HR employees are able to handle cases far faster now. Initial benchmarking had revealed a resolution rate of 50-55% within two days. NHSBT set its own target of 80% case resolution within two days, but it has far exceeded its own estimations.
Currently, 79% of cases are resolved the first day, rising to 83% by day two – a rate White is happy with, as some cases are always going to need to longer resolution times. He says:
We anticipated sending 0-5% up to second level support, but we’re only escalating about 6% of cases.
Its implementation partner was not only vital for hitting the deadline, but also for ensuring that the functionality was included. Working with a partner took getting used to – on both sides, and White emphasizes flexibility was key:
We allowed ourselves to be open to challenges by our implementation partners. We thought we understood on day one what our requirements were, but if you look at what we ended up with it’s very different. There was a process of discovery, which was really useful and important to us – but it wasn’t a one-way street.
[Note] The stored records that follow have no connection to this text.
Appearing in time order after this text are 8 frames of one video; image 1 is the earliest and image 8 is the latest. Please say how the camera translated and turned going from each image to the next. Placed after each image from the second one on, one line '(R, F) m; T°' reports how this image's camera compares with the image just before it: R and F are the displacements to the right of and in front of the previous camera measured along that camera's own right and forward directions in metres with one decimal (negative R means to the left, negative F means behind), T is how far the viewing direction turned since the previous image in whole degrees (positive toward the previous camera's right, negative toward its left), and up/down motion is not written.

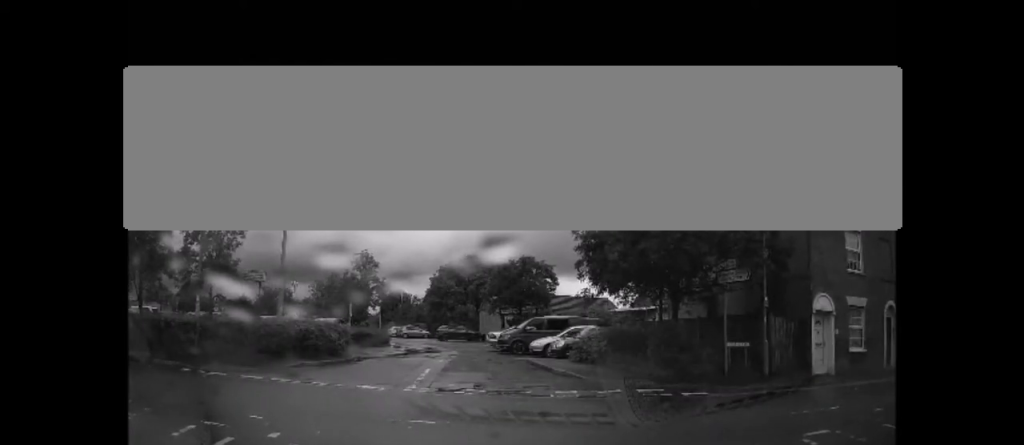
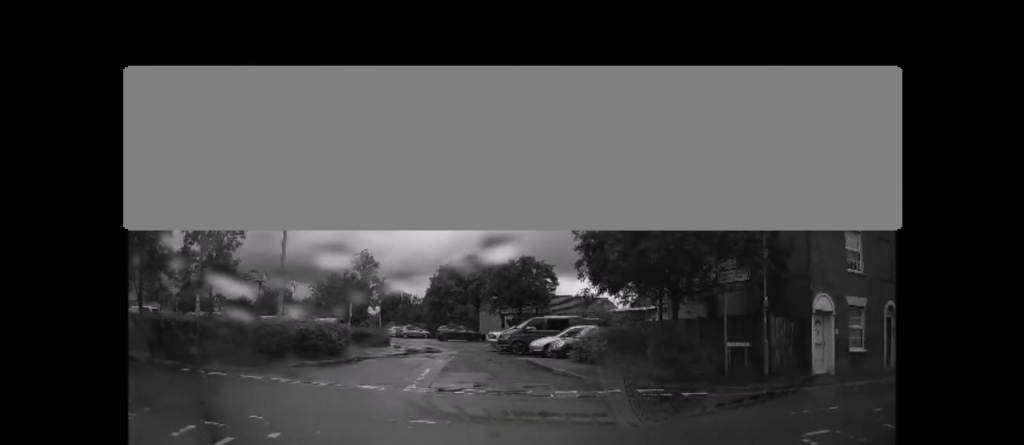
(0.0, +0.1) m; 0°
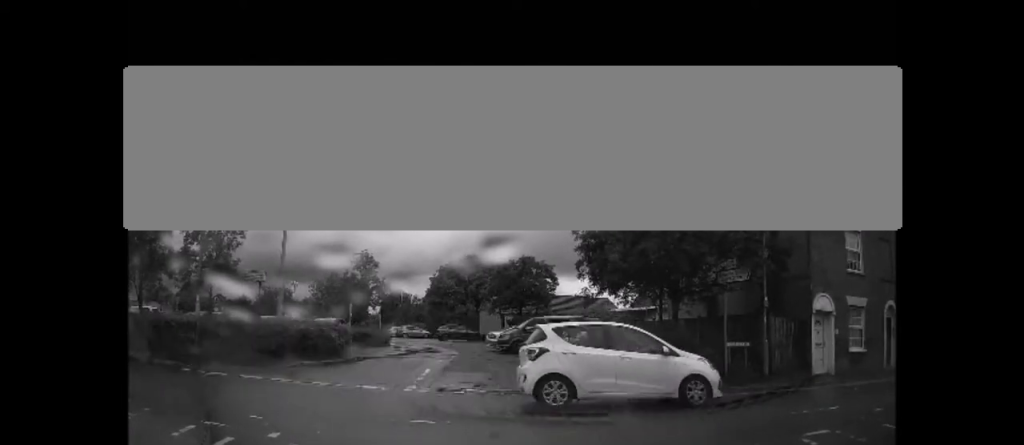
(0.0, +0.3) m; 0°
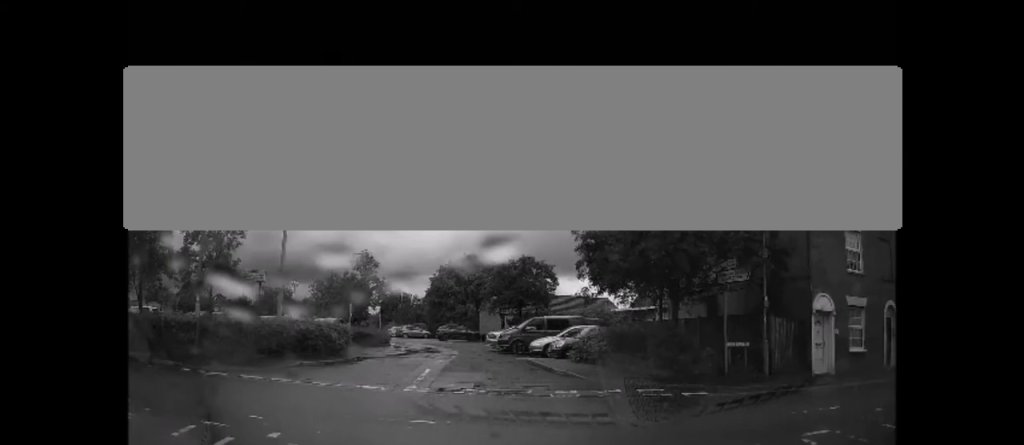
(0.0, +0.5) m; 0°
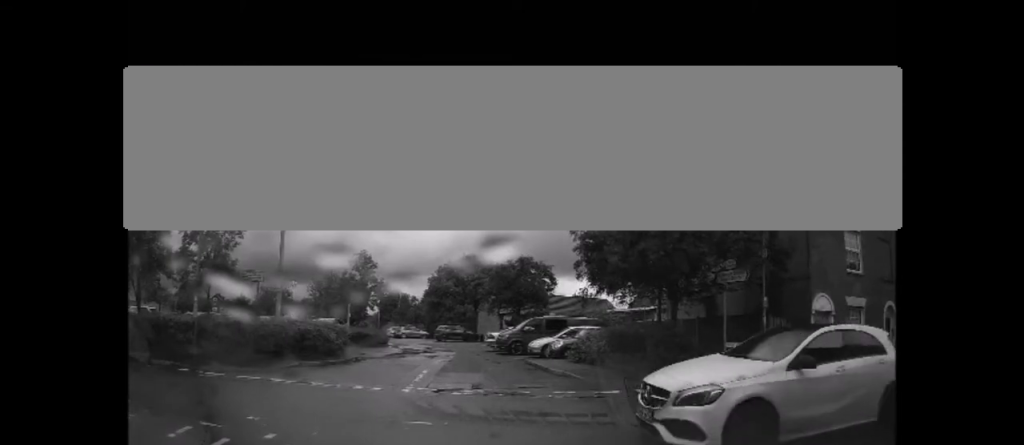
(0.0, +1.0) m; 0°
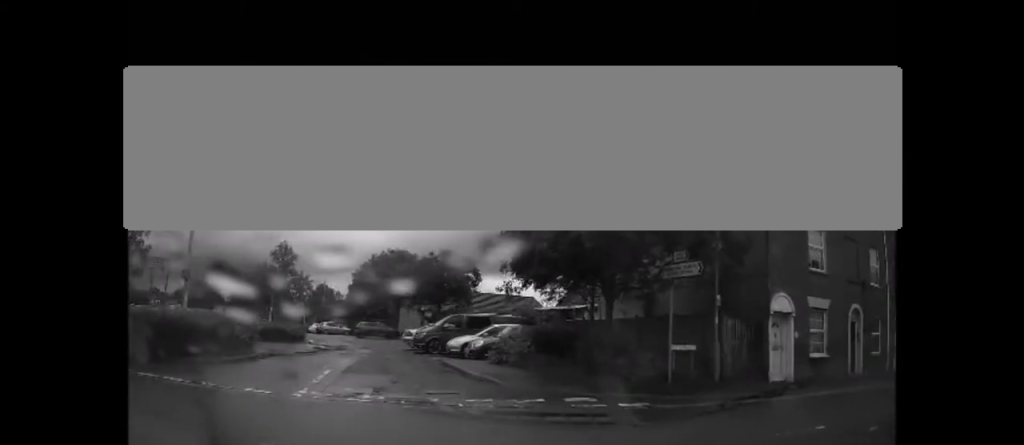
(0.0, +3.2) m; 0°
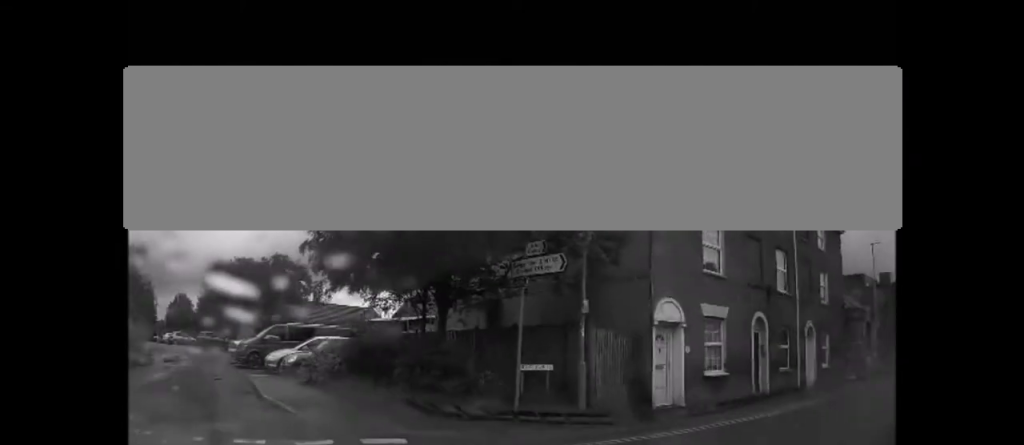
(0.0, +3.0) m; +3°
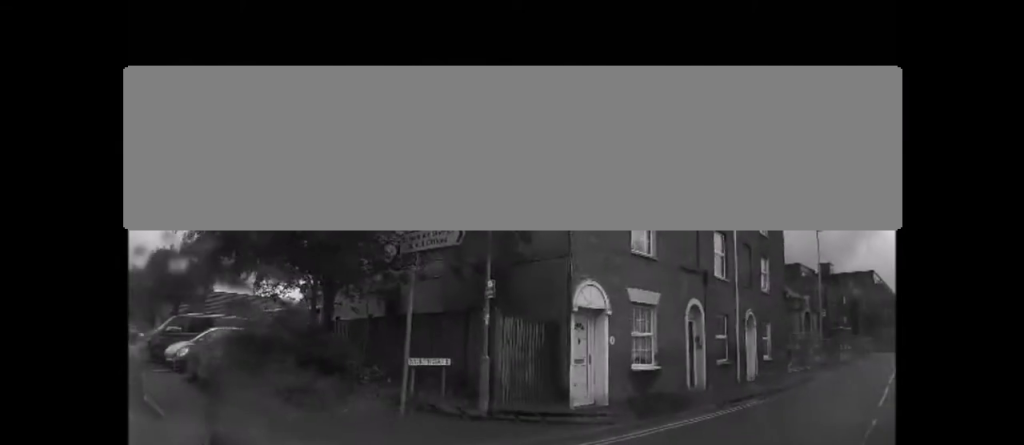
(0.0, +1.6) m; +5°

White is happy with the way the project has worked out: it’s been an internal success and confidence booster for the service. But, significantly, it’s also been perceived as a success by those outside the service, at a time when the public sector “doesn’t have a glorious track record” for success.
My take
It’s amazing how many successful organizations are run on Excel.
The experience of the NHSBT service clearly demonstrates, of course, that there are far better platforms out there than Excel, but more importantly, that sorting out the people and process aspects of a project are just as, if not more, important.